▶ _Records from a data collection_:
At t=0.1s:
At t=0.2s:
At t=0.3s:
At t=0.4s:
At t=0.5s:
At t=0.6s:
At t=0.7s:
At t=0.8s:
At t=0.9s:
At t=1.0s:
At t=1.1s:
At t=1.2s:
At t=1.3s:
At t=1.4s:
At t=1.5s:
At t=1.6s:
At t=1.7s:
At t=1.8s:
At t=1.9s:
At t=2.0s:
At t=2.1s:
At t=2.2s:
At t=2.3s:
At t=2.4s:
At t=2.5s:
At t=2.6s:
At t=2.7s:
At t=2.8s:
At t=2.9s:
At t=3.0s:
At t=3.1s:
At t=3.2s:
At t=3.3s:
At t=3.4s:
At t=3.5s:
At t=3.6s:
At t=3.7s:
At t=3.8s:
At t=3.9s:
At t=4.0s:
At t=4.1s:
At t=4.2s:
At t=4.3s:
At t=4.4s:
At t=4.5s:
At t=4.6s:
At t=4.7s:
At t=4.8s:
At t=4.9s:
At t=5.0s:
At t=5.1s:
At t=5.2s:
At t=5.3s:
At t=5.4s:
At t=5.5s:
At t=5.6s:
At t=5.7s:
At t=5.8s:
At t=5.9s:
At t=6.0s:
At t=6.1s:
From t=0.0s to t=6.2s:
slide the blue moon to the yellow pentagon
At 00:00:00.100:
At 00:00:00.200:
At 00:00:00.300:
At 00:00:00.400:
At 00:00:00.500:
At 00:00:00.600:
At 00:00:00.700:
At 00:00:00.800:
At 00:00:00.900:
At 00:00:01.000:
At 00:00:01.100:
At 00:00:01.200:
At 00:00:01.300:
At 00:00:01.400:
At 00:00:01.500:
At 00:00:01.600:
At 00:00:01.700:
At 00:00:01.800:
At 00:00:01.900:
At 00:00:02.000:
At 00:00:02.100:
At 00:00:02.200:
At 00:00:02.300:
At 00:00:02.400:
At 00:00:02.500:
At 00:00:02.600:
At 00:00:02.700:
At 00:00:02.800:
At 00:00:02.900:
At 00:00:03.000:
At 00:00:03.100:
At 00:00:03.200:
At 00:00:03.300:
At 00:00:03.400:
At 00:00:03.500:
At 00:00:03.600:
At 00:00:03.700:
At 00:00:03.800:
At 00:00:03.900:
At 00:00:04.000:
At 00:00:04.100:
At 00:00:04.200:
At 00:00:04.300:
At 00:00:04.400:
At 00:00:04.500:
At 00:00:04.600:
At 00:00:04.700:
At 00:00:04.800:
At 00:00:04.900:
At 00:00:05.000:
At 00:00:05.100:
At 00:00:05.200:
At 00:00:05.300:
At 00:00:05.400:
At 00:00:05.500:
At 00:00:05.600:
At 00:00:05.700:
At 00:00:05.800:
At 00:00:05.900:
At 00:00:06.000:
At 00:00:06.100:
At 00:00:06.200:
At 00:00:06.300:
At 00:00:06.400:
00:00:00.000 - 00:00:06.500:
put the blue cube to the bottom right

▶ _WHAT YOU HAVE TO DO_:
The answer is the data above, retyped exactly in full.

▶ _ANSWER FOR THE TASK_:
At t=0.1s:
At t=0.2s:
At t=0.3s:
At t=0.4s:
At t=0.5s:
At t=0.6s:
At t=0.7s:
At t=0.8s:
At t=0.9s:
At t=1.0s:
At t=1.1s:
At t=1.2s:
At t=1.3s:
At t=1.4s:
At t=1.5s:
At t=1.6s:
At t=1.7s:
At t=1.8s:
At t=1.9s:
At t=2.0s:
At t=2.1s:
At t=2.2s:
At t=2.3s:
At t=2.4s:
At t=2.5s:
At t=2.6s:
At t=2.7s:
At t=2.8s:
At t=2.9s:
At t=3.0s:
At t=3.1s:
At t=3.2s:
At t=3.3s:
At t=3.4s:
At t=3.5s:
At t=3.6s:
At t=3.7s:
At t=3.8s:
At t=3.9s:
At t=4.0s:
At t=4.1s:
At t=4.2s:
At t=4.3s:
At t=4.4s:
At t=4.5s:
At t=4.6s:
At t=4.7s:
At t=4.8s:
At t=4.9s:
At t=5.0s:
At t=5.1s:
At t=5.2s:
At t=5.3s:
At t=5.4s:
At t=5.5s:
At t=5.6s:
At t=5.7s:
At t=5.8s:
At t=5.9s:
At t=6.0s:
At t=6.1s:
From t=0.0s to t=6.2s:
slide the blue moon to the yellow pentagon
At 00:00:00.100:
At 00:00:00.200:
At 00:00:00.300:
At 00:00:00.400:
At 00:00:00.500:
At 00:00:00.600:
At 00:00:00.700:
At 00:00:00.800:
At 00:00:00.900:
At 00:00:01.000:
At 00:00:01.100:
At 00:00:01.200:
At 00:00:01.300:
At 00:00:01.400:
At 00:00:01.500:
At 00:00:01.600:
At 00:00:01.700:
At 00:00:01.800:
At 00:00:01.900:
At 00:00:02.000:
At 00:00:02.100:
At 00:00:02.200:
At 00:00:02.300:
At 00:00:02.400:
At 00:00:02.500:
At 00:00:02.600:
At 00:00:02.700:
At 00:00:02.800:
At 00:00:02.900:
At 00:00:03.000:
At 00:00:03.100:
At 00:00:03.200:
At 00:00:03.300:
At 00:00:03.400:
At 00:00:03.500:
At 00:00:03.600:
At 00:00:03.700:
At 00:00:03.800:
At 00:00:03.900:
At 00:00:04.000:
At 00:00:04.100:
At 00:00:04.200:
At 00:00:04.300:
At 00:00:04.400:
At 00:00:04.500:
At 00:00:04.600:
At 00:00:04.700:
At 00:00:04.800:
At 00:00:04.900:
At 00:00:05.000:
At 00:00:05.100:
At 00:00:05.200:
At 00:00:05.300:
At 00:00:05.400:
At 00:00:05.500:
At 00:00:05.600:
At 00:00:05.700:
At 00:00:05.800:
At 00:00:05.900:
At 00:00:06.000:
At 00:00:06.100:
At 00:00:06.200:
At 00:00:06.300:
At 00:00:06.400:
00:00:00.000 - 00:00:06.500:
put the blue cube to the bottom right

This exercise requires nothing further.